(Stored dataset items)
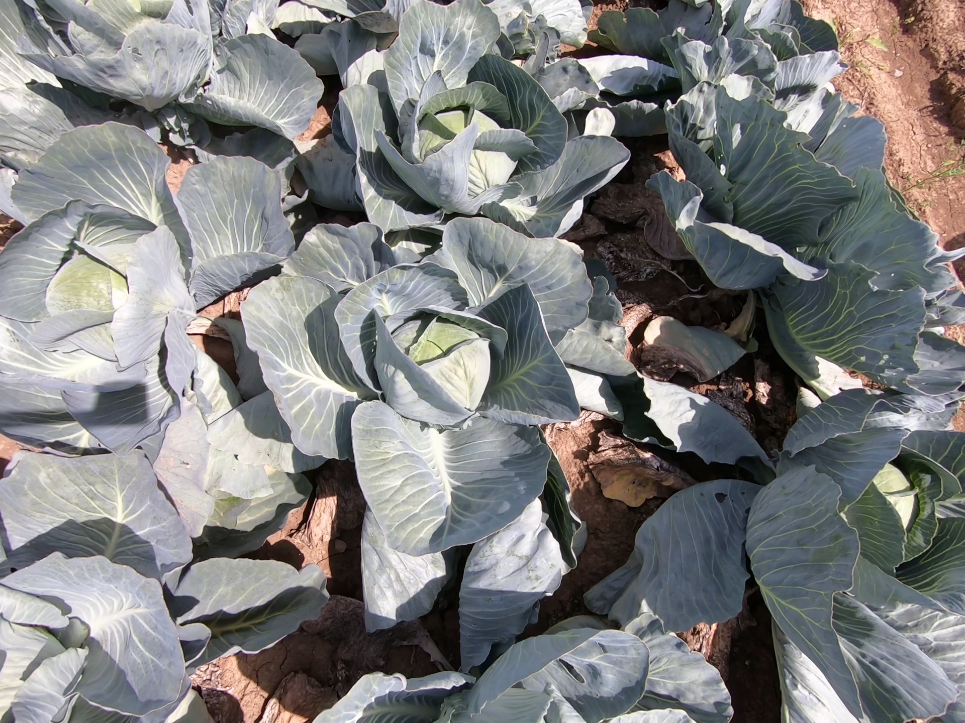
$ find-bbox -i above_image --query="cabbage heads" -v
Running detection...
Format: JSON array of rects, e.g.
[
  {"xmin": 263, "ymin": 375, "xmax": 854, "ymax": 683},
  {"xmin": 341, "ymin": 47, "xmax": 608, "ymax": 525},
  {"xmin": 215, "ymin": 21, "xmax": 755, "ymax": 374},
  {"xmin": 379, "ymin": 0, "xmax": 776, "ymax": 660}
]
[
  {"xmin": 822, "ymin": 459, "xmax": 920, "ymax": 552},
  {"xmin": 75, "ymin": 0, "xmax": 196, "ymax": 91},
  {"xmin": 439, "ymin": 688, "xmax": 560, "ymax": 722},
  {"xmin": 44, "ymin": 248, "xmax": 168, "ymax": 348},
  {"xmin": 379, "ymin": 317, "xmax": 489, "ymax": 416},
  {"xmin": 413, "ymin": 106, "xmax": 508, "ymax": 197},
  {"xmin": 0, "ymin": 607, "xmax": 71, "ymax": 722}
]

- Instructions for the task -
Retype each entry exactly. No pictures.

- Your solution -
$ find-bbox -i above_image --query="cabbage heads" -v
Running detection...
Format: JSON array of rects, e.g.
[
  {"xmin": 263, "ymin": 375, "xmax": 854, "ymax": 683},
  {"xmin": 341, "ymin": 47, "xmax": 608, "ymax": 525},
  {"xmin": 215, "ymin": 21, "xmax": 755, "ymax": 374},
  {"xmin": 379, "ymin": 0, "xmax": 776, "ymax": 660}
]
[
  {"xmin": 822, "ymin": 459, "xmax": 920, "ymax": 552},
  {"xmin": 75, "ymin": 0, "xmax": 196, "ymax": 91},
  {"xmin": 439, "ymin": 688, "xmax": 560, "ymax": 722},
  {"xmin": 44, "ymin": 248, "xmax": 168, "ymax": 348},
  {"xmin": 379, "ymin": 317, "xmax": 489, "ymax": 416},
  {"xmin": 413, "ymin": 106, "xmax": 508, "ymax": 197},
  {"xmin": 0, "ymin": 607, "xmax": 71, "ymax": 722}
]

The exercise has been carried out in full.